◆ Provided data
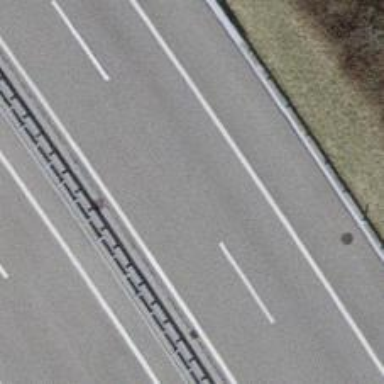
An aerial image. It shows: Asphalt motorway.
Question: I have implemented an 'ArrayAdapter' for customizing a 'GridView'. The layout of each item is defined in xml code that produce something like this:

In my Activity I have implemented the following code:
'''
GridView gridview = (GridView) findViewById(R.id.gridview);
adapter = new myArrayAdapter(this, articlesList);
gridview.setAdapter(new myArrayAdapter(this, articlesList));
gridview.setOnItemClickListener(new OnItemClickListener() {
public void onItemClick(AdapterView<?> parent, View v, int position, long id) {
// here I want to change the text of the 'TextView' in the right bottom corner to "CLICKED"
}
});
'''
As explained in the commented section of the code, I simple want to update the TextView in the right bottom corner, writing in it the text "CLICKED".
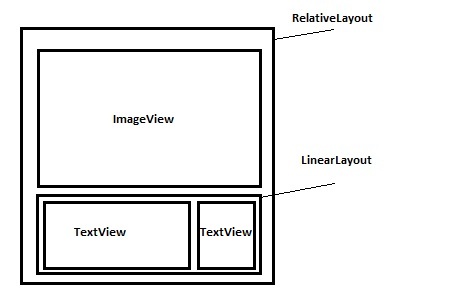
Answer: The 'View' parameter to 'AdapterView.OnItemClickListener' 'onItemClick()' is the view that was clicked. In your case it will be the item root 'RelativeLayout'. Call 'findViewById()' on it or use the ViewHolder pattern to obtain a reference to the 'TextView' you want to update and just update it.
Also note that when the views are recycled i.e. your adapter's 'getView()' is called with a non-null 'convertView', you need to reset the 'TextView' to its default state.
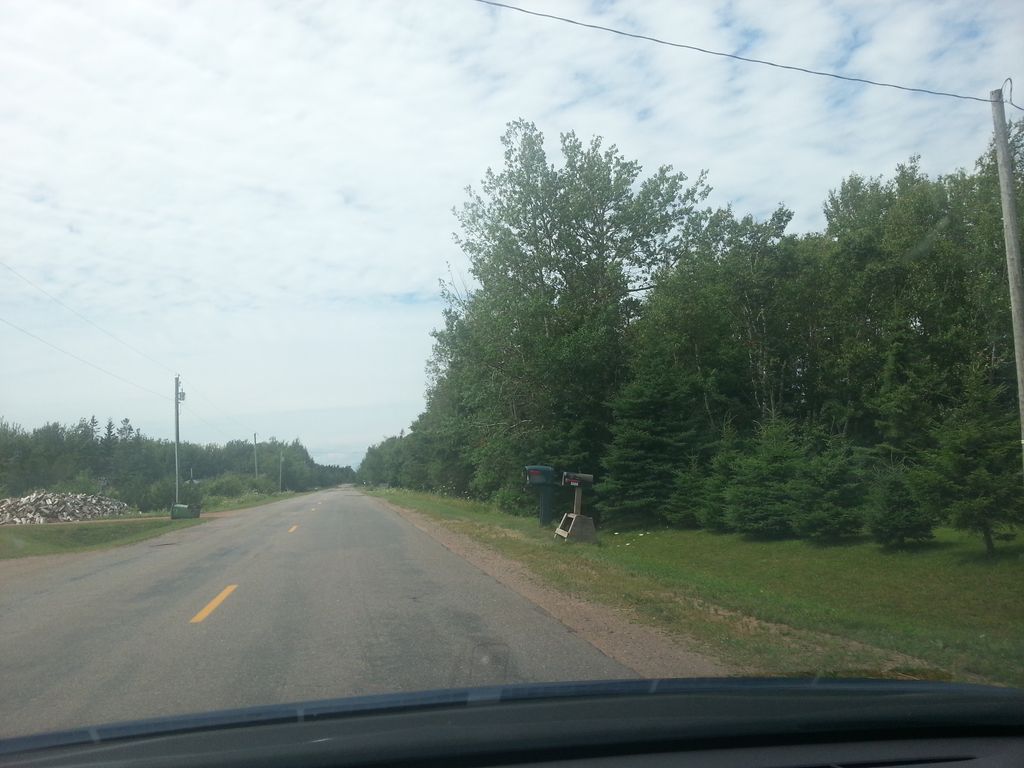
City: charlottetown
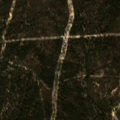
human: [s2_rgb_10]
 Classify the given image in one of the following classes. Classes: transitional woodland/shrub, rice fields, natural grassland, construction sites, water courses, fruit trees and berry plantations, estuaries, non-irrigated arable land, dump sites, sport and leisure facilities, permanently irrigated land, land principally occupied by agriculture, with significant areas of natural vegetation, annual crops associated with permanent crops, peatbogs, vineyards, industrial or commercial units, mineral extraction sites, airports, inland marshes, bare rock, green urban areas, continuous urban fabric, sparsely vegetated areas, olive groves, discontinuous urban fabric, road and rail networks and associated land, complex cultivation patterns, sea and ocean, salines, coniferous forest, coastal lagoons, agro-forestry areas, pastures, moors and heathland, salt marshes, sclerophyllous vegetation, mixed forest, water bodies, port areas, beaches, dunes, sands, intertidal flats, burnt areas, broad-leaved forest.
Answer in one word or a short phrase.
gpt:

◆ What you have to do
All of the data must be repeated exactly, except for the pictures.

◆ Expected output
An aerial image. It shows: Asphalt motorway.
Question: I have implemented an 'ArrayAdapter' for customizing a 'GridView'. The layout of each item is defined in xml code that produce something like this:

In my Activity I have implemented the following code:
'''
GridView gridview = (GridView) findViewById(R.id.gridview);
adapter = new myArrayAdapter(this, articlesList);
gridview.setAdapter(new myArrayAdapter(this, articlesList));
gridview.setOnItemClickListener(new OnItemClickListener() {
public void onItemClick(AdapterView<?> parent, View v, int position, long id) {
// here I want to change the text of the 'TextView' in the right bottom corner to "CLICKED"
}
});
'''
As explained in the commented section of the code, I simple want to update the TextView in the right bottom corner, writing in it the text "CLICKED".
Answer: The 'View' parameter to 'AdapterView.OnItemClickListener' 'onItemClick()' is the view that was clicked. In your case it will be the item root 'RelativeLayout'. Call 'findViewById()' on it or use the ViewHolder pattern to obtain a reference to the 'TextView' you want to update and just update it.
Also note that when the views are recycled i.e. your adapter's 'getView()' is called with a non-null 'convertView', you need to reset the 'TextView' to its default state.
City: charlottetown
human: [s2_rgb_10]
 Classify the given image in one of the following classes. Classes: transitional woodland/shrub, rice fields, natural grassland, construction sites, water courses, fruit trees and berry plantations, estuaries, non-irrigated arable land, dump sites, sport and leisure facilities, permanently irrigated land, land principally occupied by agriculture, with significant areas of natural vegetation, annual crops associated with permanent crops, peatbogs, vineyards, industrial or commercial units, mineral extraction sites, airports, inland marshes, bare rock, green urban areas, continuous urban fabric, sparsely vegetated areas, olive groves, discontinuous urban fabric, road and rail networks and associated land, complex cultivation patterns, sea and ocean, salines, coniferous forest, coastal lagoons, agro-forestry areas, pastures, moors and heathland, salt marshes, sclerophyllous vegetation, mixed forest, water bodies, port areas, beaches, dunes, sands, intertidal flats, burnt areas, broad-leaved forest.
Answer in one word or a short phrase.
gpt:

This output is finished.